The students gather in their regular seats at 7 p.m. and talk easily with one another. They range in age from their teens to their seventies, with a roughly equal split between men and women. When Gehlek enters the room, black briefcase in hand, the chatter cools, but no one rises. This is strictly forbidden in Gehlek’s world, one of the quirks that sets him apart from much of the rest of the Tibetan lama clan. Referring to the scandals that have befallen other Buddhist teachers, he says, “I don’t want to have that funny guru relationship. I don’t want to repeat what had happened with earlier gurus.” It’s this same reasoning that’s behind Gehlek’s referring to his followers as “friends” rather than students. “The moment you say ‘student,’ it becomes like a traditional Asian-culture guru-and-disciple type of thing. I try to run away from that.” While Gehlek has asked his students to give up the outward trappings of guru devotion, like bowing or rising when he enters a room, he does still teach guru devotion as a core Tibetan Buddhist practice. Seated on his cushion, Gehlek smiles and waves to several people in the audience who have caught his attention. A stately 5’ 4″, he often mentions, with a bit of a laugh, that he should lose weight, should exercise, and so on. And occasionally a few pounds will disappear, but for the most part he remains comfortably sturdy. At home he is typically clad in blue jeans and a T-shirt, but when he delivers a talk he wears dress pants and a sweater, usually in some muted shade of gray. He also wears glasses, which he often has to remove to wipe away tears when he laughs too hard.

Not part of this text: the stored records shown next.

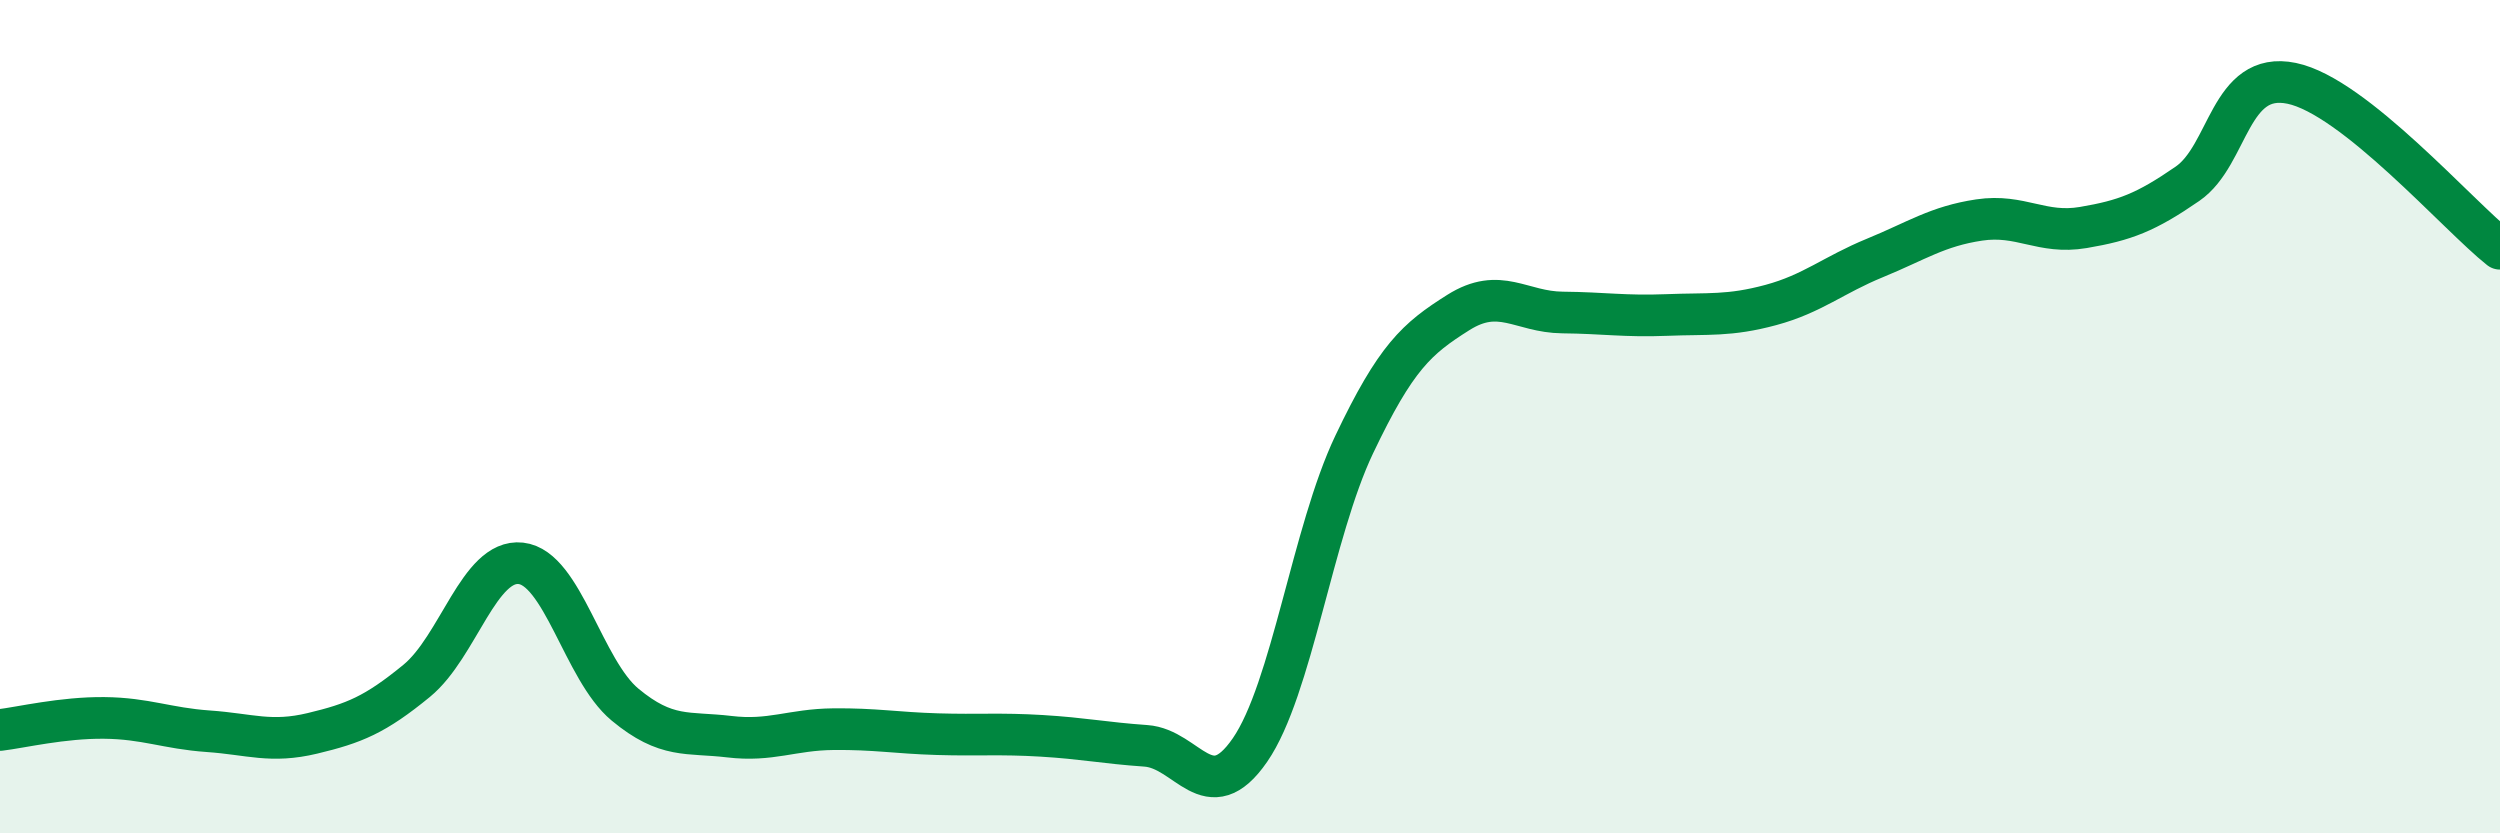
    <svg width="60" height="20" viewBox="0 0 60 20" xmlns="http://www.w3.org/2000/svg">
      <path
        d="M 0,17.52 C 0.5,17.46 1.5,17.22 2.5,17.23 C 3.5,17.24 4,17.48 5,17.55 C 6,17.62 6.5,17.84 7.5,17.6 C 8.5,17.36 9,17.16 10,16.34 C 11,15.52 11.5,13.41 12.5,13.52 C 13.5,13.63 14,16.08 15,16.91 C 16,17.74 16.5,17.56 17.5,17.68 C 18.5,17.8 19,17.51 20,17.5 C 21,17.49 21.5,17.59 22.5,17.62 C 23.5,17.65 24,17.6 25,17.66 C 26,17.72 26.5,17.83 27.5,17.9 C 28.5,17.97 29,19.45 30,18 C 31,16.55 31.5,12.77 32.5,10.67 C 33.5,8.57 34,8.13 35,7.5 C 36,6.87 36.5,7.49 37.5,7.5 C 38.5,7.51 39,7.6 40,7.56 C 41,7.52 41.5,7.59 42.5,7.32 C 43.5,7.05 44,6.6 45,6.19 C 46,5.78 46.5,5.43 47.5,5.28 C 48.5,5.13 49,5.63 50,5.46 C 51,5.29 51.5,5.1 52.5,4.41 C 53.5,3.72 53.5,1.69 55,2 C 56.5,2.31 59,5.18 60,5.97L60 20L0 20Z"
        fill="#008740"
        opacity="0.1"
        stroke-linecap="round"
        stroke-linejoin="round"
      />
      <path
        d="M 0,17.52 C 0.5,17.46 1.5,17.22 2.5,17.23 C 3.5,17.24 4,17.48 5,17.55 C 6,17.62 6.5,17.84 7.5,17.6 C 8.5,17.36 9,17.16 10,16.34 C 11,15.52 11.5,13.41 12.5,13.52 C 13.5,13.63 14,16.08 15,16.91 C 16,17.74 16.5,17.56 17.5,17.68 C 18.5,17.8 19,17.51 20,17.5 C 21,17.49 21.5,17.59 22.5,17.62 C 23.5,17.65 24,17.6 25,17.66 C 26,17.72 26.5,17.83 27.5,17.9 C 28.5,17.97 29,19.45 30,18 C 31,16.55 31.5,12.77 32.5,10.67 C 33.5,8.57 34,8.13 35,7.5 C 36,6.87 36.5,7.49 37.5,7.5 C 38.5,7.51 39,7.6 40,7.56 C 41,7.52 41.5,7.59 42.5,7.32 C 43.5,7.05 44,6.6 45,6.19 C 46,5.78 46.5,5.43 47.5,5.28 C 48.5,5.13 49,5.63 50,5.46 C 51,5.29 51.5,5.1 52.5,4.41 C 53.5,3.72 53.5,1.69 55,2 C 56.5,2.31 59,5.18 60,5.97"
        stroke="#008740"
        stroke-width="1"
        fill="none"
        stroke-linecap="round"
        stroke-linejoin="round"
      />
    </svg>

At times Gehlek’s voice is soft as butter in the sun, at other times gnarled and beaten. Yet the way he moves his hands, choreographed from a lifetime of mudra practice, is always elegant, as if he’s sheltering countless butterflies in his grasp. While Gehlek’s command of the English language (gleaned in part from American television) is strong, his accent and peculiar syntax keep listeners on their toes. For instance, when he forgets the correct name of an object he asks, “What you call it?” When he thinks of something tangential, which is fairly often, he is likely to say, “A funny thing came on my head.” When too many funny things come on his head and the original story is wrapped well within another within another, like Russian nesting dolls, he will pause, scratch his temple, and ask, “Why I say that?” When struggling through an endless list of dharma minutiae, of which there are many in Tibetan Buddhism, he will occasionally sum it up with, “and all this,” accompanied by a hand gesture which indicates that “all this” is, indeed, a lot. And when there are details in a story he’s not in the mood to tell, he’s apt to summarize with a simple, “blah, blah, blah.”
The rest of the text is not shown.